WORK REQUIRED. The reply should hold every line of the data, unchanged and complete.

RECORD EXCERPTS.
---
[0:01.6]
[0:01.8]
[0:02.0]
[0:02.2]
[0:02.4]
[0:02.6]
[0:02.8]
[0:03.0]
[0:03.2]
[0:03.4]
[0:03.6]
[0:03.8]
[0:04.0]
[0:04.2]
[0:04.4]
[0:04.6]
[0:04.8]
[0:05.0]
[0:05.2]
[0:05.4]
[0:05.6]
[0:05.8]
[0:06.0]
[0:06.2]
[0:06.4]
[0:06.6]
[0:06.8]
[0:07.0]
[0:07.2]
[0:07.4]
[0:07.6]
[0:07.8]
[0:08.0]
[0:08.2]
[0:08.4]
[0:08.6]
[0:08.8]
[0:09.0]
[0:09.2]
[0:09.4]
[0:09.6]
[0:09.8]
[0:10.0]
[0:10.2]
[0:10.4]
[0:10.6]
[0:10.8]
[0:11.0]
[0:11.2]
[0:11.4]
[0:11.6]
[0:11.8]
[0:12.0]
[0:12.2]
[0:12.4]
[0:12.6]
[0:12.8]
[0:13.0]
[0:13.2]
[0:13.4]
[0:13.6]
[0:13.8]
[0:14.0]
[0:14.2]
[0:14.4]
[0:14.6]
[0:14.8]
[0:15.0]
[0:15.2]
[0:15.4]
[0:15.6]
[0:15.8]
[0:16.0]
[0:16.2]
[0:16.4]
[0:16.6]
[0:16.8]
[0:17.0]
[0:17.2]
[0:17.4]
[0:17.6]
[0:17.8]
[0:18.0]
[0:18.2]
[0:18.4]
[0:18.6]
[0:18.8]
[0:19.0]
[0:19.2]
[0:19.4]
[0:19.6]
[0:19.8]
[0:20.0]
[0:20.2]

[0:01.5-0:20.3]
---
OUTPUT FOR THIS TASK.
[0:01.6]
[0:01.8]
[0:02.0]
[0:02.2]
[0:02.4]
[0:02.6]
[0:02.8]
[0:03.0]
[0:03.2]
[0:03.4]
[0:03.6]
[0:03.8]
[0:04.0]
[0:04.2]
[0:04.4]
[0:04.6]
[0:04.8]
[0:05.0]
[0:05.2]
[0:05.4]
[0:05.6]
[0:05.8]
[0:06.0]
[0:06.2]
[0:06.4]
[0:06.6]
[0:06.8]
[0:07.0]
[0:07.2]
[0:07.4]
[0:07.6]
[0:07.8]
[0:08.0]
[0:08.2]
[0:08.4]
[0:08.6]
[0:08.8]
[0:09.0]
[0:09.2]
[0:09.4]
[0:09.6]
[0:09.8]
[0:10.0]
[0:10.2]
[0:10.4]
[0:10.6]
[0:10.8]
[0:11.0]
[0:11.2]
[0:11.4]
[0:11.6]
[0:11.8]
[0:12.0]
[0:12.2]
[0:12.4]
[0:12.6]
[0:12.8]
[0:13.0]
[0:13.2]
[0:13.4]
[0:13.6]
[0:13.8]
[0:14.0]
[0:14.2]
[0:14.4]
[0:14.6]
[0:14.8]
[0:15.0]
[0:15.2]
[0:15.4]
[0:15.6]
[0:15.8]
[0:16.0]
[0:16.2]
[0:16.4]
[0:16.6]
[0:16.8]
[0:17.0]
[0:17.2]
[0:17.4]
[0:17.6]
[0:17.8]
[0:18.0]
[0:18.2]
[0:18.4]
[0:18.6]
[0:18.8]
[0:19.0]
[0:19.2]
[0:19.4]
[0:19.6]
[0:19.8]
[0:20.0]
[0:20.2]

[0:01.5-0:20.3]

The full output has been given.